Sum of squares: \(136.111+113.777 = 249.888\); \(249.888+40.111=290\); \(290 + 5.444=295.444\); \(295.444+58.777=354.221\); \(354.221+455.111 = 809.332\)

Population variance (since it's all 6 employees) is \(\frac{809.332}{6}\approx134.8887\approx134.89\) (but let's check the problem statement: "the owner of a small manufacturing plant employs six people" so it's the entire population. So variance (population) is \(\sigma^2=\frac{\sum(x_i - \bar{x})^2}{N}\), where \(N = 6\)

Wait, but maybe the problem considers it as a sample? Wait, the problem says "compute the variance" without specifying, but in statistics, if it's the entire population, we use population variance, if it's a sample, sample variance. Since it's all employees (six people), it's population.

Wait, let's recalculate the mean: \(17+18+35+31+21+50 = 172\), mean \(=172/6\approx28.6667\)

Sum of squared deviations:
\((17 - 28.6667)^2=(-11.6667)^2 = 136.1113\)
\((18 - 28.6667)^2=(-10.6667)^2=113.7779\)
\((35 - 28.6667)^2=(6.3333)^2 = 40.1111\)
\((31 - 28.6667)^2=(2.3333)^2=5.4443\)
\((21 - 28.6667)^2=(-7.6667)^2=58.7779\)
\((50 - 28.6667)^2=(21.3333)^2=455.1111\)

Sum: \(136.1113+113.7779 = 249.8892\); \(249.8892+40.1111 = 290.0003\); \(290.0003+5.4443=295.4446\); \(295.4446+58.7779 = 354.2225\); \(354.2225+455.1111 = 809.3336\)
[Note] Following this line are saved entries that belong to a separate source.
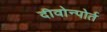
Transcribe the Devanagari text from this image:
दीवोन्पोर्त
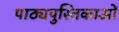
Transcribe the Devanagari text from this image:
पाठ्यपुस्तिकाओं
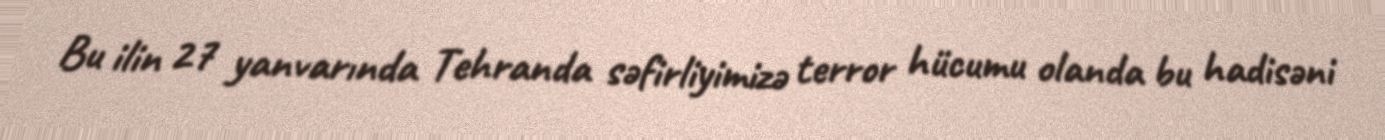
Bu ilin 27 yanvarında Tehranda səfirliyimizə terror hücumu olanda bu hadisəni

Population variance: \(\frac{809.3336}{6}\approx134.8889\approx134.89\) (if we round to one more decimal place than original data. Original data is to the nearest tenth (one decimal place), so we need to round to two decimal places? Wait, original data: 17, 18, 35, 31, 21, 50 – these are whole numbers, so one decimal place would be, for example, 17.0, 18.0 etc. So the original data has 0 decimal places (since they are whole numbers, but recorded to nearest tenth, so maybe they are considered as having one decimal place: 17.0, 18.0, 35.0, 31.0, 21.0, 50.0). So we need to round the variance to two decimal places (one more than one decimal place).

Wait, let's check again. The problem says "Round your answer to one more decimal place than the original data." The original data is "to the nearest one - tenth of a mile", so each data point has one decimal place (e.g., 17.0, 18.0). So we need to round the variance to two decimal places.

But let's confirm the calculation of variance.

Alternatively, maybe the problem expects sample variance. Let's check both:

Sample variance: \(s^2=\frac{809.3336}{5}\approx161.8667\approx161.87\)

But which is it? The problem says "the owner of a small manufacturing plant employs six people" – so it's the entire population of employees, so population variance.

Wait, let's check the sum of the data again: 17 + 18 = 35; 35+35 = 70; 70+31 = 101; 101+21 = 122; 122+50 = 172. Correct. Mean is 172/6 ≈28.6667. Correct.

Sum of squared deviations: as calculated, 809.3336.

Population variance: 809.3336 / 6 ≈134.8889 ≈134.89 (rounded to two decimal places, since original data has one decimal place (nearest tenth)).

Wait, but maybe I made a mistake in assuming population. Let's see, in statistics, when the data is the entire population, we use \(\sigma^2\), when it's a sample, \(s^2\). Since there are six employees, and we have data from all six, it's population. So variance is \(\frac{\sum(x_i - \bar{x})^2}{N}=\frac{809.3336}{6}\approx134.89\)

Answer:

\(134.89\) (if population) or \(161.87\) (if sample). But since it's all employees, population variance is appropriate. So the answer is approximately \(134.89\) (rounded to two decimal places, one more than the original data's one decimal place (nearest tenth)).